The molecular basis of dopaminergic transmission: Identifying and Characterizing Cellular Adhesion Sites

Research Project

Project/Area Number	22KF0335
Project/Area Number (Other)	22F22386 (2022)
Research Category	Grant-in-Aid for JSPS Fellows
Allocation Type	Multi-year Fund (2023) Single-year Grants (2022)
Section	外国
Review Section	Basic Section 46010:Neuroscience-general-related
Research Institution	Keio University
Principal Investigator	柚崎通介慶應義塾大学, 医学部(信濃町), 教授 (40365226)
Co-Investigator(Kenkyū-buntansha)	DILINA TUERDE 慶應義塾大学, 医学部(信濃町), 外国人特別研究員
Project Period (FY)	2023-03-08 – 2025-03-31
Project Status	Granted (Fiscal Year 2023)
Budget Amount *help	¥2,300,000 (Direct Cost: ¥2,300,000) Fiscal Year 2024: ¥700,000 (Direct Cost: ¥700,000) Fiscal Year 2023: ¥1,100,000 (Direct Cost: ¥1,100,000) Fiscal Year 2022: ¥500,000 (Direct Cost: ¥500,000)
Keywords	ドーパミン / シナプス / 側坐核 / 背側被蓋野
Outline of Research at the Start	In the present study, I will investigate how dopaminergic pathways are formed to achieve their neurotransmission, focusing on the VTA-NAc mesolimbic dopaminergic pathway. I will accomplish three specific goals. First, I will characterize synaptic and non-synaptic contact sites along dopaminergic axons. Second, I will identify molecules involved in these contact sites. Finally, I will elucidate how synaptic and non-synaptic contact sites regulate dopaminergic functions. I expect to accomplish these goals and address long-standing questions in the mesolimbic dopaminergic pathway.
Outline of Annual Research Achievements	In this study, I investigated how dopaminergic pathways are formed to achieve their neurotransmission focusing on the mesolimbic VTA-NAc pathway. To achieve this, I outlined three specific aims: Firstly, I aim to visualize and characterize cell-cell contact sites along the mesolimbic pathway using the GRAPHIC method. Secondly, I intend to identify the cell adhesion molecules involved in these contact sites. Finally, I aim to elucidate how these cell adhesion molecules regulate dopaminergic functions. Through these aims, my goal is to gain deeper insights into the intricate mechanisms underlying dopaminergic pathway formation and functions.
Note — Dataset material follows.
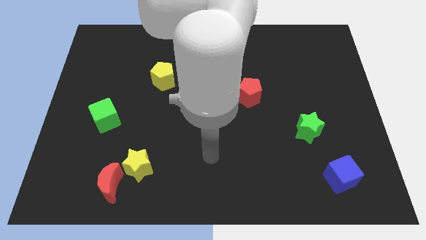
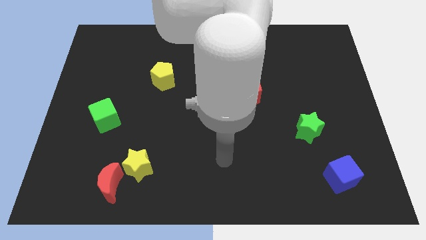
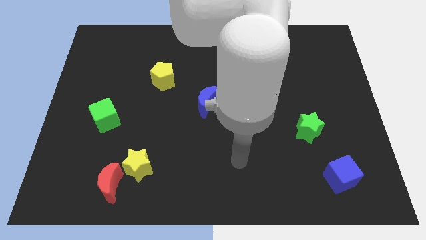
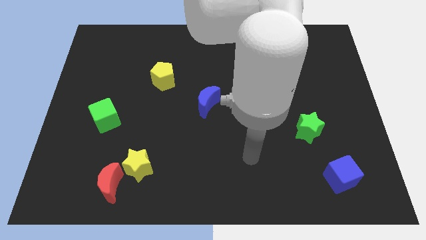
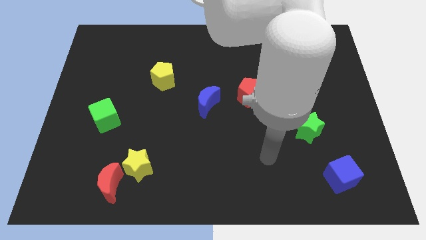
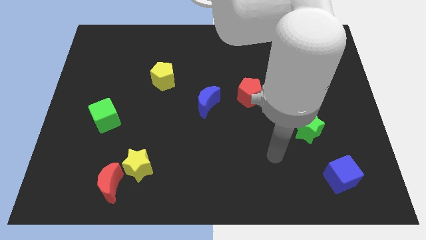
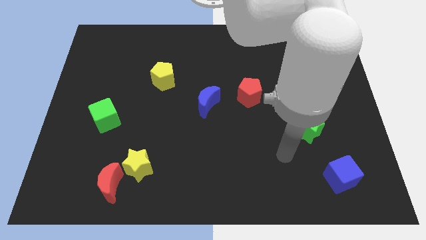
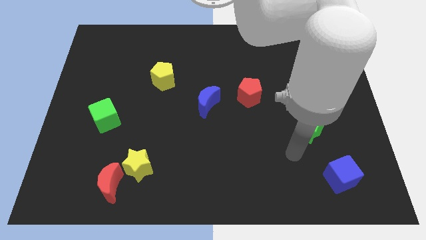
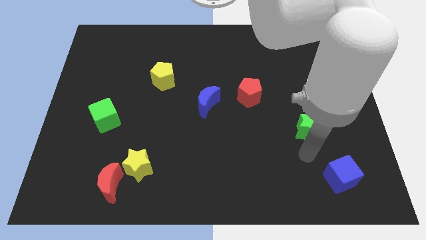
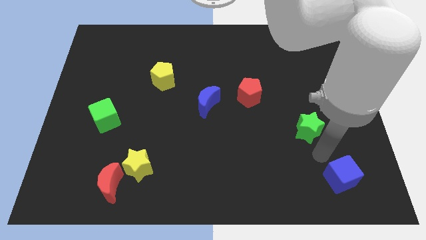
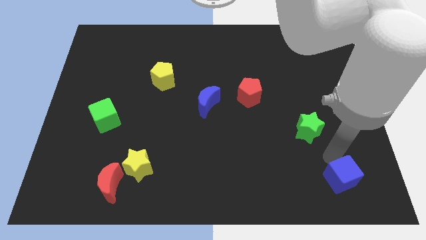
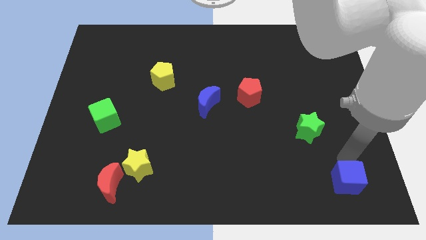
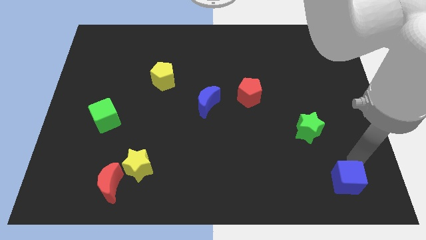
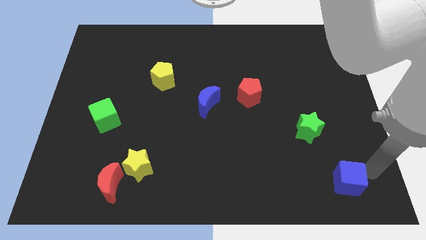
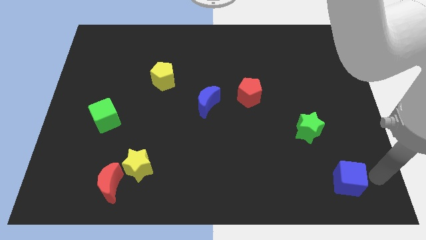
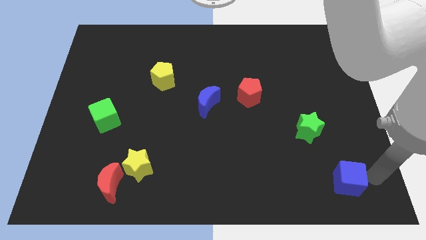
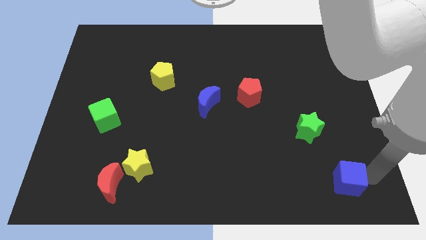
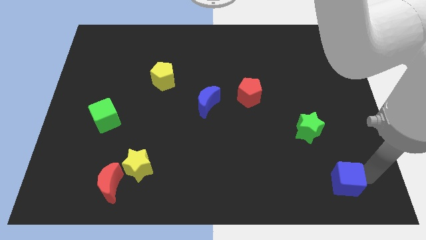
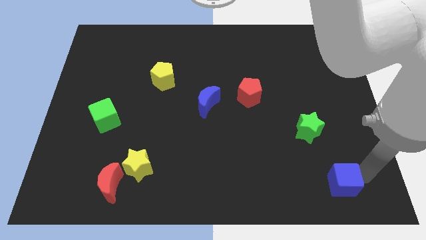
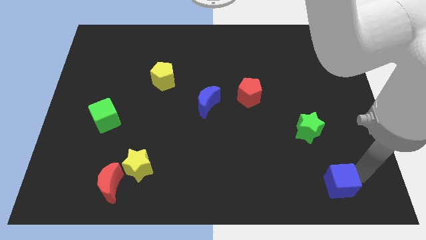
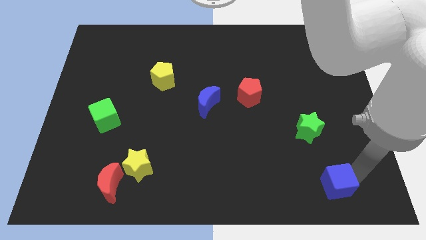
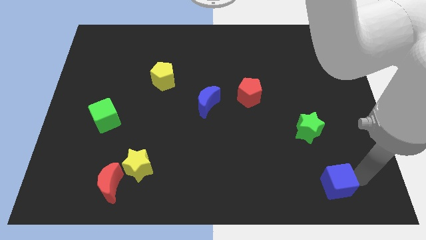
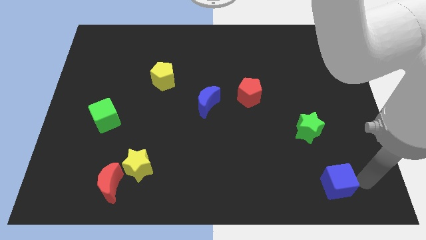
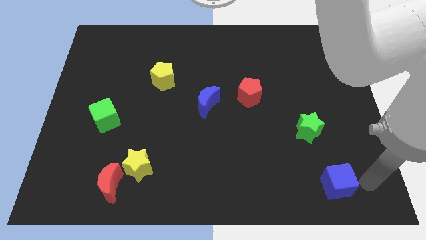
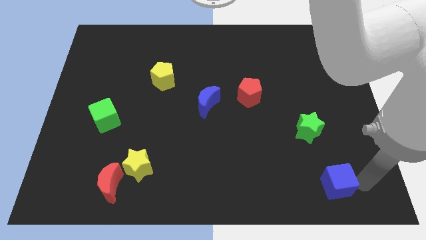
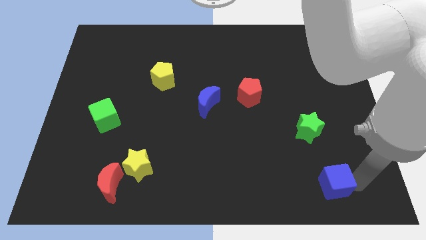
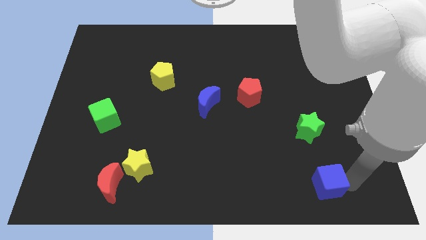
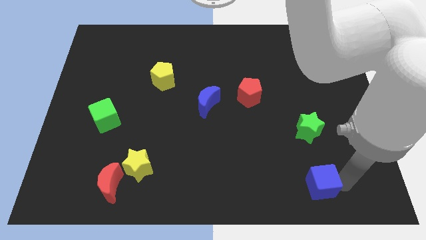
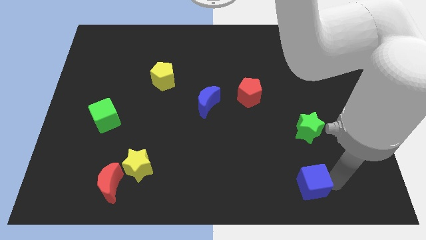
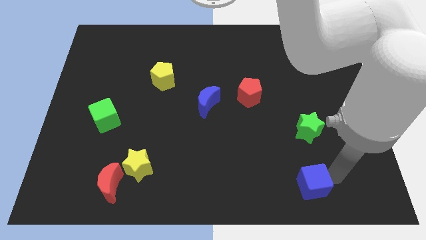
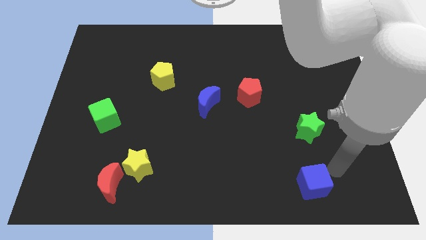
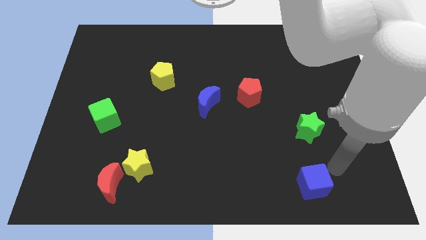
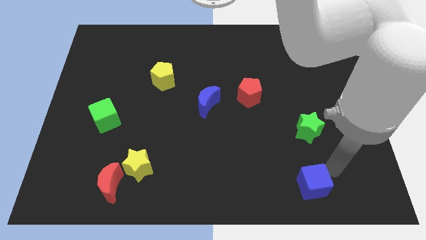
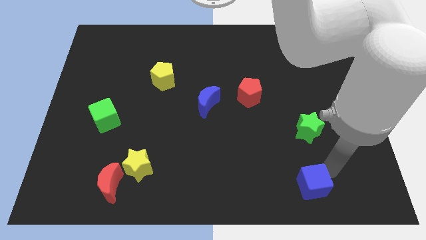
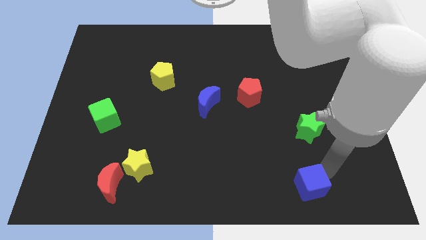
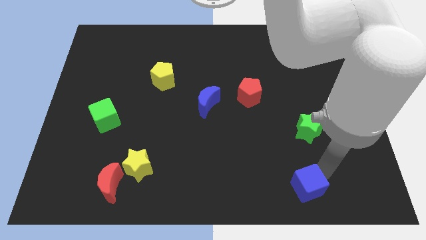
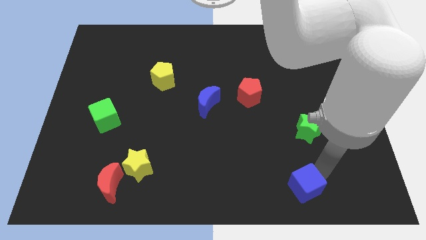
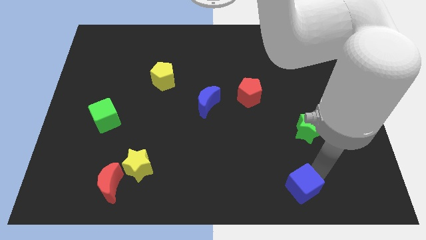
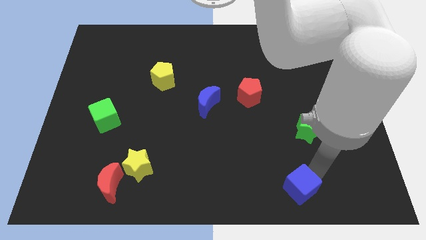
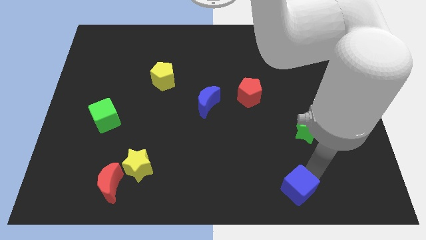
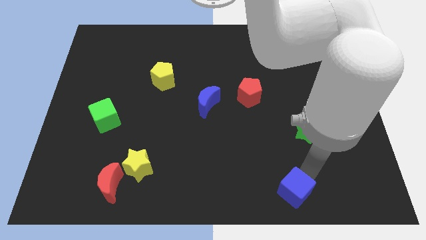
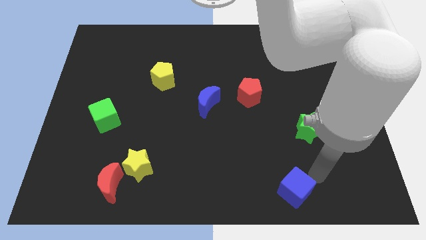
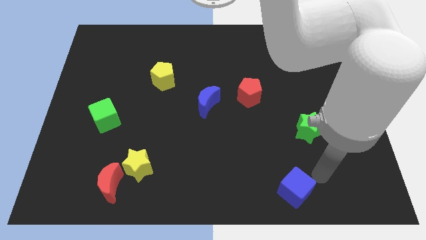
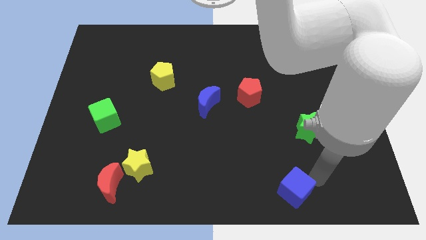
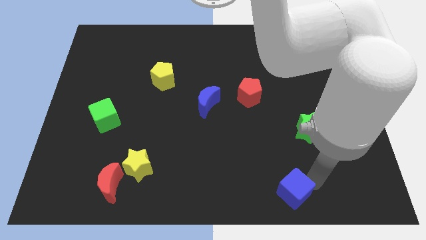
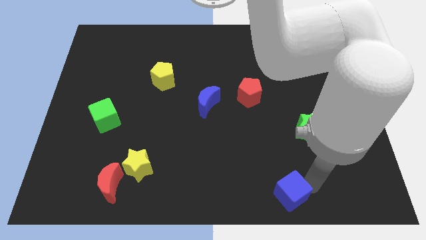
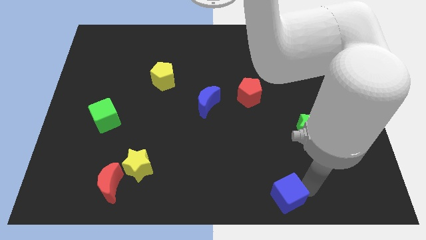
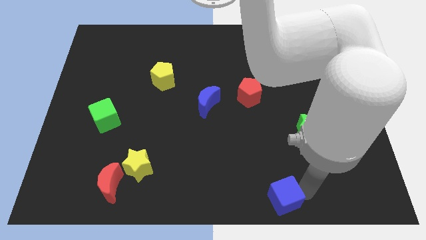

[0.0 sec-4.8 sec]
push the blue cube to the bottom

Current Status of Research Progress	Current Status of Research Progress 2: Research has progressed on the whole more than it was originally planned. Reason In 2023, I successfully visualized cell-cell contact sites along the mesolimbic pathway using the GRAPHIC method, employing both immunofluorescence and electron microscopy techniques. Through these approaches, I identified the cell adhesion molecules involved in the mesolimbic VTA-NAc pathway. These molecules were found at the contact sites between dopamine fibers and medium spiny neurons. Notably, their absence resulted in a reduced number of dopamine varicosities and VMAT2 expression. Additionally, I identified the receptors for these cell adhesion molecules on the medium spiny neurons. Knockout of the receptors revealed a similar dysfunction of dopamine fibers and a reduction in such cell adhesions. These findings provide significant insights into the role of these molecules in regulating dopamine transmission in the VTA-NAc pathway.
Strategy for Future Research Activity	To deepen our comprehension of the functional significance of these cell adhesion molecules within the VTA-NAc pathway, I intend to conduct conditional knockout experiments targeting these molecules to evaluate their impact on dopamine transmission and reward behaviors. Consequently, this study is expected to offer a comprehensive understanding of the molecular mechanisms governing the regulation of the dopaminergic system. Additionally, I intend to summarize the findings and submit them for publication in 2024.